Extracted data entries
__________________________________________________

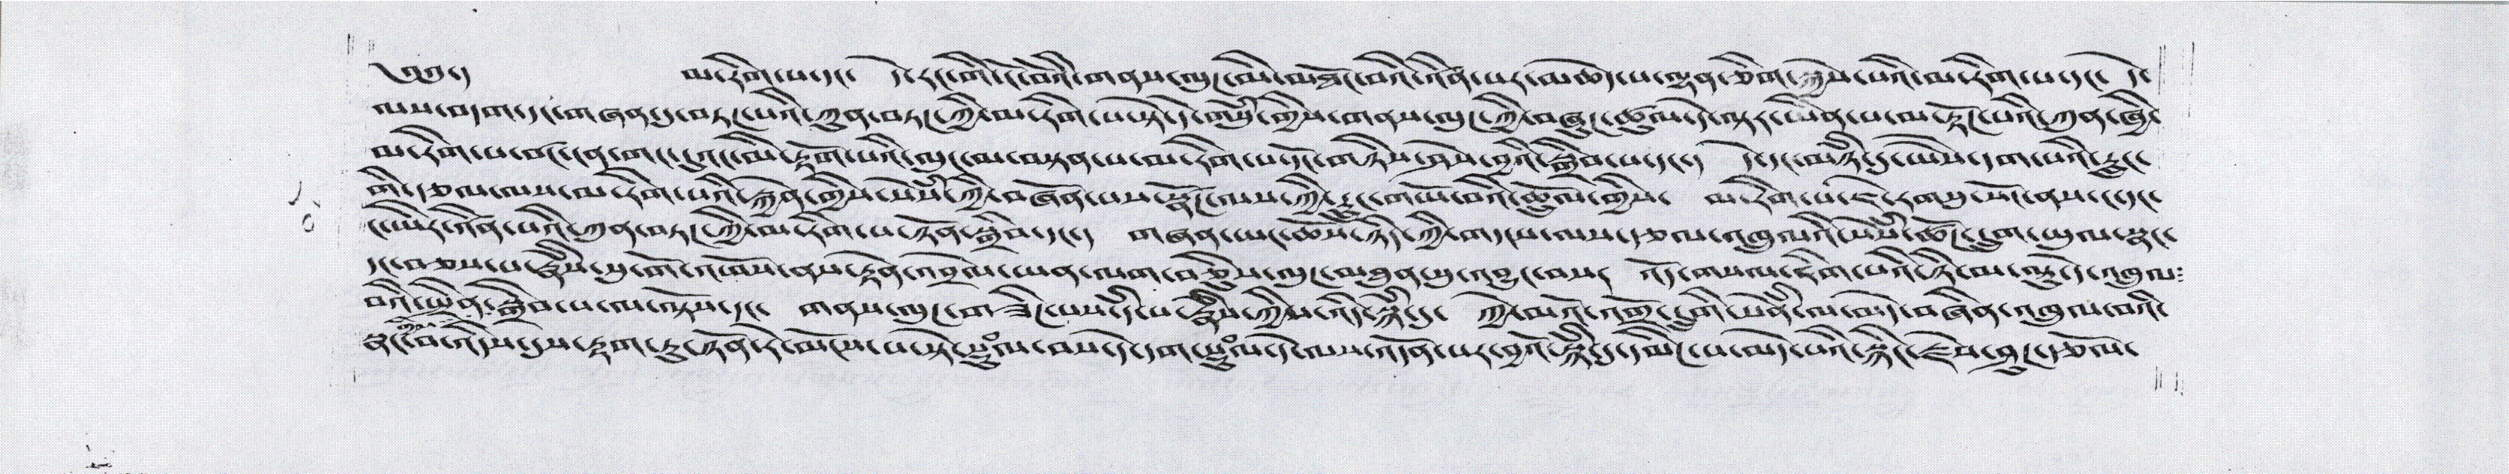མ་རིག་པ་དང་། དེ་རང་གི་ངོ་བོའི་གནས་ལུགས་མི་མཐོང་བའི་འཛིན་པར་མཆེད་པ་ལྷན་ཅིག་སྐྱེས་པའི་མ་རིག་པ་དང་། དེ་
ལས་བདག་དང་གཞན་དུ་བཏགས་པའི་ཀུན་བཏགས་ཀྱི་མ་རིག་པ་སྟེ་དེ་གསུམ་གྱིས་གནས་ལུགས་ཀྱི་བཞུགས་ཚུལ་དེ་ལྟར་ཡིན་པ་མ་རྟོགས་པའི་ཀུན་གཞི་
མ་རིག་པ་བཟང་ངན་གང་དུའང་མི་རྟོག་པའི་ལུང་མ་བསྟན་པ་མ་རིག་པ་དང་པོ་གཉིས་ཤེས་བྱའི་སྒྲིབ་པ་དང་། དེ་དང་མཉམ་དུ་ཡེ་ཤེས་དག་པའི་རླུང་
གི་རྩལ་ལས་མ་རིག་པའི་རྐྱེན་གྱིས་སེམས་ཀྱི་བཞོན་པས་སྣ་ཚོིགས་ལས་ཀྱི་རླུང་གཡོ་བའི་ཚུལ་གྱིས། མ་རིག་པ་ཇེ་རགས་སུ་སོང་ནས་ང་དང་
ང་ཡིར་འཛིན་པའི་ཀུན་བཏགས་ཀྱི་མ་རིག་པ་ཉོན་སྒྲིབ་དང་། གཞན་ཡང་ཆོས་ཉིད་ཀྱི་གདངས་ལས་རྩལ་འཁྲུལ་པའི་སེམས་ཚོགས་དྲུག་ཡུལ་སྣང་
དང་བཅས་པ་རྣམས་སུ་གོ་འཕོས་ནས་རྟེན་འབྲེལ་ཡན་ལག་བཅུ་གཉིས་ལུགས་མཐུན་སུ་འབྱུང་བས། འོད་གསལ་རིག་པའི་ཉི་མ་ལྟ་བུ་དེ་འཁྲུལ་
པའི་སྤྲིན་གྱིས་བསྒྲིབས་པ་ལ་ལྟོས་དང་། གནས་ལུགས་གཟིགས་པས་དམ་པ་རྣམས་ལ་འདི་སྙམ་དུ། ཀྱེ་མའོ་འགྲོ་དྲུག་གི་སེམས་ཅན་ལ་མེད་བཞིན་འཁྲུལ་པའི་
སྣང་བ་འདིས་དུས་རྟག་ཏུ་ཉོན་མོངས་པ་སྟེ་སྡུག་བསྔལ་བས་དེ་དག་སྡུག་བསྔལ་དེ་ལས་འདོན་པར་བྱའོ་སྙམ་དུ་དམིགས་པ་མེད་པའི་སྙིང་རྗེས་ཤུགས་རྩོལ་

__________________________________________________

Repeat verbatim the lines between the start of the data and the line containing "ང་ཡིར་འཛིན་པའི", both ends included, omitting all pictures.

* Exercise answer
མ་རིག་པ་དང་། དེ་རང་གི་ངོ་བོའི་གནས་ལུགས་མི་མཐོང་བའི་འཛིན་པར་མཆེད་པ་ལྷན་ཅིག་སྐྱེས་པའི་མ་རིག་པ་དང་། དེ་
ལས་བདག་དང་གཞན་དུ་བཏགས་པའི་ཀུན་བཏགས་ཀྱི་མ་རིག་པ་སྟེ་དེ་གསུམ་གྱིས་གནས་ལུགས་ཀྱི་བཞུགས་ཚུལ་དེ་ལྟར་ཡིན་པ་མ་རྟོགས་པའི་ཀུན་གཞི་
མ་རིག་པ་བཟང་ངན་གང་དུའང་མི་རྟོག་པའི་ལུང་མ་བསྟན་པ་མ་རིག་པ་དང་པོ་གཉིས་ཤེས་བྱའི་སྒྲིབ་པ་དང་། དེ་དང་མཉམ་དུ་ཡེ་ཤེས་དག་པའི་རླུང་
གི་རྩལ་ལས་མ་རིག་པའི་རྐྱེན་གྱིས་སེམས་ཀྱི་བཞོན་པས་སྣ་ཚོིགས་ལས་ཀྱི་རླུང་གཡོ་བའི་ཚུལ་གྱིས། མ་རིག་པ་ཇེ་རགས་སུ་སོང་ནས་ང་དང་
ང་ཡིར་འཛིན་པའི་ཀུན་བཏགས་ཀྱི་མ་རིག་པ་ཉོན་སྒྲིབ་དང་། གཞན་ཡང་ཆོས་ཉིད་ཀྱི་གདངས་ལས་རྩལ་འཁྲུལ་པའི་སེམས་ཚོགས་དྲུག་ཡུལ་སྣང་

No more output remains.